*What is needed*
Scan the entries below for the word "typesetting", then copy each line that holds it.

*Material provided*
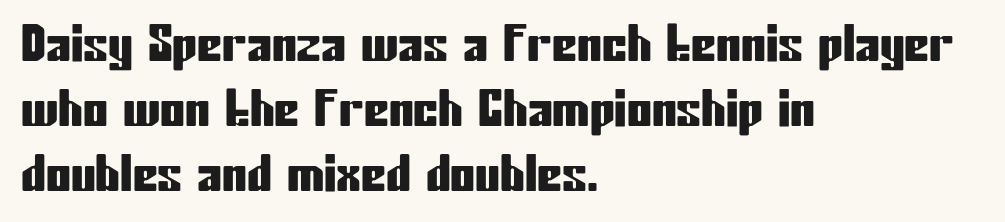
The image shows 50 px condensed sans-serif type, upright; set left-aligned, normal line spacing (1.3x), normal letter spacing, not underlined; low stroke contrast and a medium x-height.
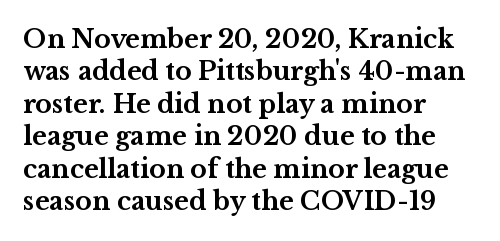
The image shows 25 px bold type, upright; set left-aligned, normal line spacing (1.3x), normal letter spacing, not underlined.
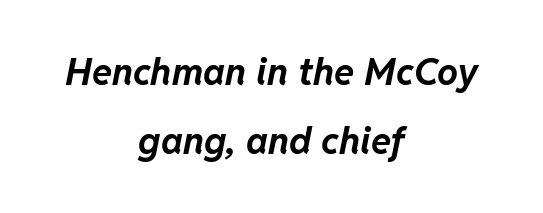
Q: Is the text bold? A: Yes.
Q: Is the text italic (slanted)? A: Yes, it leans right by about 11 degrees.
Q: Is the text underlined? A: No.
Q: How is the paragraph aligned? A: Centered.
Q: Is the spacing between letters normal or unusually wide? A: Normal.
Q: Width (condensed, normal, or wide)? A: Normal.
Q: Stroke contrast? A: Low.
Q: x-height? A: Medium.
Q: Monospaced? A: No.
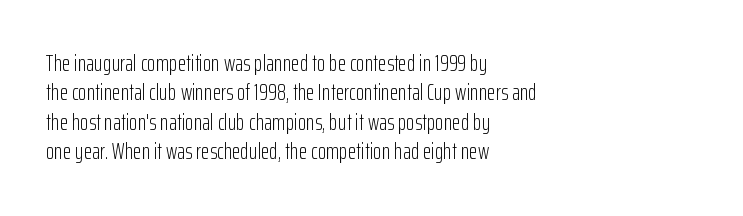
Bare-footed words on every line. Every stem runs plumb, perpendicular to the baseline. The typesetting does not lean heavy: it is not bold. Tracking value appears to be zero — textbook default spacing. The vertical gap from one line to the next is medium.
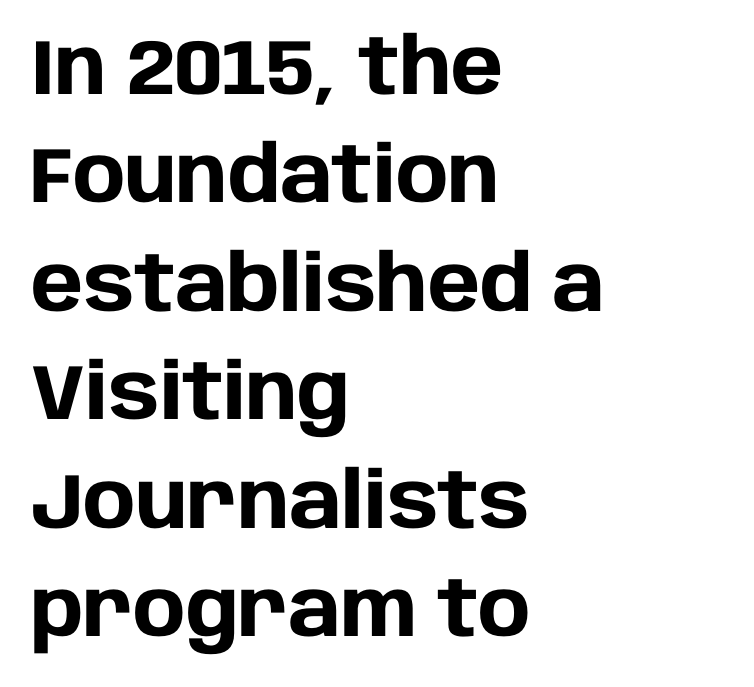
Characters remain perfectly vertical along every line. Looks like regular typesetting: each glyph gets only the width it needs. Honestly, there is no underline to notice here at all. In terms of leading, this rendering sits right in the middle.
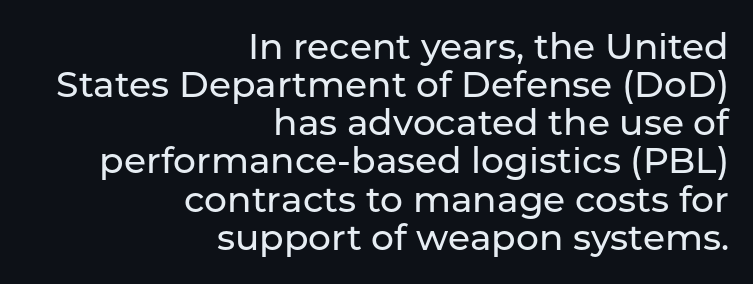
{"serif": "no", "italic": "no", "width": "normal", "stroke_contrast": "low", "x_height": "medium", "monospaced": "no", "underline": "no", "align": "right", "line_spacing": "tight", "line_spacing_ratio": 1.06, "letter_spacing": "normal", "letter_spacing_em": 0.0, "glyph_px": 36}
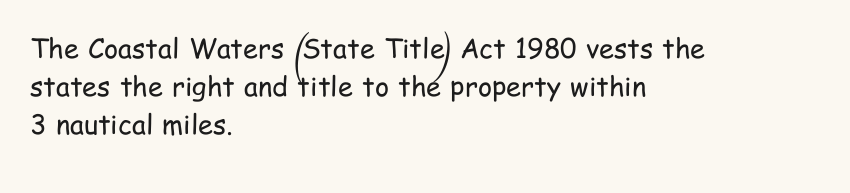
The designer left line spacing at the default. A classic flush-left, rag-right setting is used for this passage. The font sits on the lighter half of the weight spectrum, regular included. The letters stand straight up with perfectly vertical stems. No word sits above an underline.
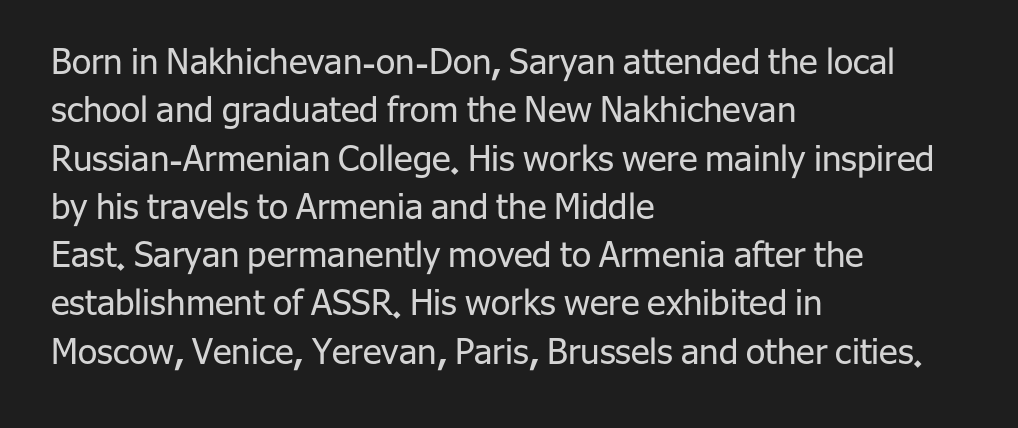
Q: Is the text bold? A: No.
Q: Is the text italic (slanted)? A: No, it is upright.
Q: Is the typeface a serif or a sans-serif typeface? A: Sans-serif.
Q: Is the text underlined? A: No.
Q: How is the paragraph aligned? A: Left-aligned.
Q: Is the spacing between letters normal or unusually wide? A: Normal.
Q: Is the spacing between lines tight, normal or loose? A: Normal.
Q: Width (condensed, normal, or wide)? A: Normal.
Q: Stroke contrast? A: Low.
Q: x-height? A: Medium.
Q: Monospaced? A: No.
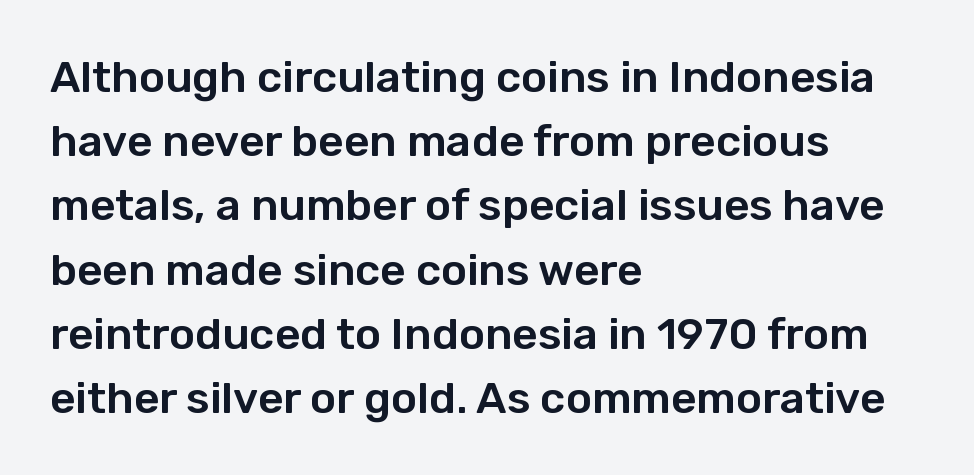
Q: Is the text italic (slanted)? A: No, it is upright.
Q: Is the typeface a serif or a sans-serif typeface? A: Sans-serif.
Q: Is the text underlined? A: No.
Q: How is the paragraph aligned? A: Left-aligned.
Q: Is the spacing between letters normal or unusually wide? A: Normal.
Q: Is the spacing between lines tight, normal or loose? A: Normal.
Q: Width (condensed, normal, or wide)? A: Normal.
Q: Stroke contrast? A: Low.
Q: x-height? A: Medium.
Q: Monospaced? A: No.
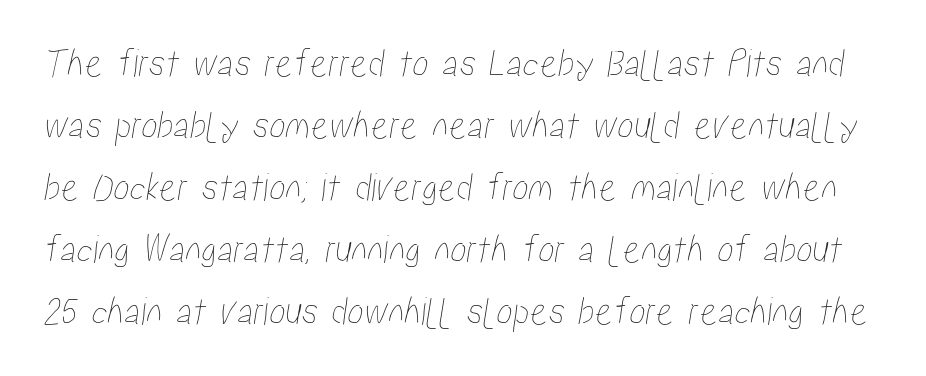
This sample uses plain, unmodified letter spacing. How would I describe the line gaps? Plain and ordinary. The baseline area is clear. Spacing verdict: proportional, widths tailored to each character.
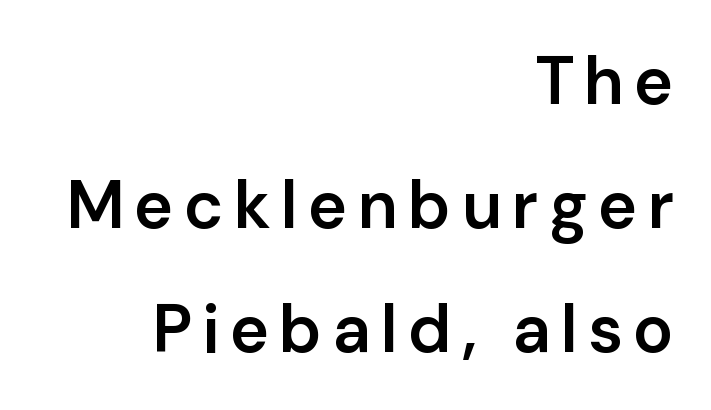
{"serif": "no", "italic": "no", "bold": "semi", "weight": "semibold", "width": "normal", "stroke_contrast": "low", "x_height": "medium", "monospaced": "no", "underline": "no", "align": "right", "line_spacing_ratio": 1.85, "glyph_px": 67}
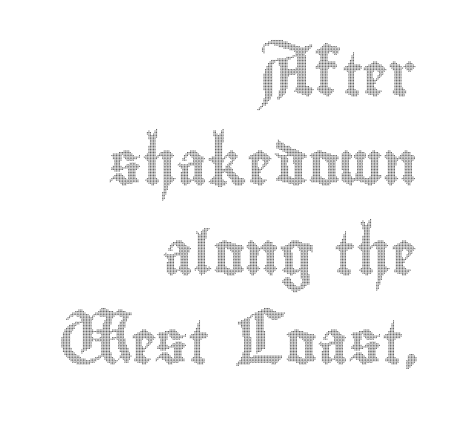
{"italic": "no", "width": "condensed", "x_height": "small", "monospaced": "no", "underline": "no", "align": "right", "line_spacing": "loose", "line_spacing_ratio": 2.08, "letter_spacing": "normal", "letter_spacing_em": 0.0, "glyph_px": 43}
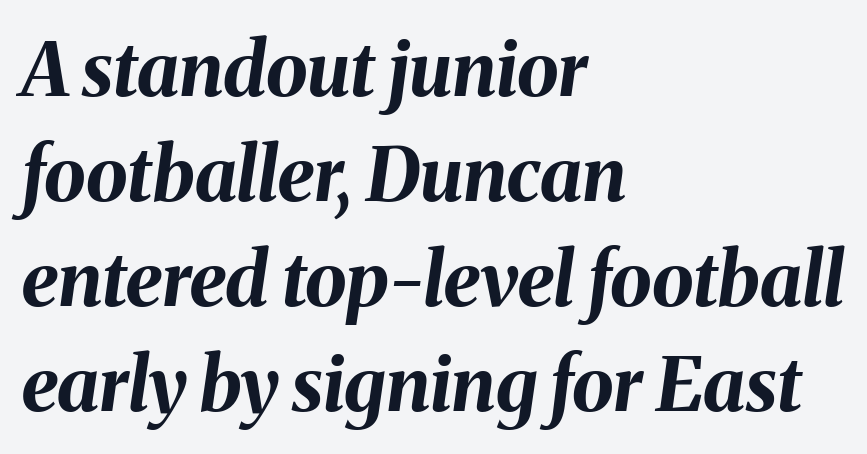
{"italic": "yes", "lean": "right", "slant_degrees": 8, "bold": "yes", "weight": "bold", "width": "normal", "stroke_contrast": "medium", "x_height": "medium", "monospaced": "no", "underline": "no", "align": "left", "line_spacing": "normal", "line_spacing_ratio": 1.4, "letter_spacing": "normal", "letter_spacing_em": 0.0, "glyph_px": 75}

*Answer for the task*
Bare-footed words on every line. Every stem runs plumb, perpendicular to the baseline. The typesetting does not lean heavy: it is not bold. Tracking value appears to be zero — textbook default spacing. The vertical gap from one line to the next is medium.
Characters remain perfectly vertical along every line. Looks like regular typesetting: each glyph gets only the width it needs. Honestly, there is no underline to notice here at all. In terms of leading, this rendering sits right in the middle.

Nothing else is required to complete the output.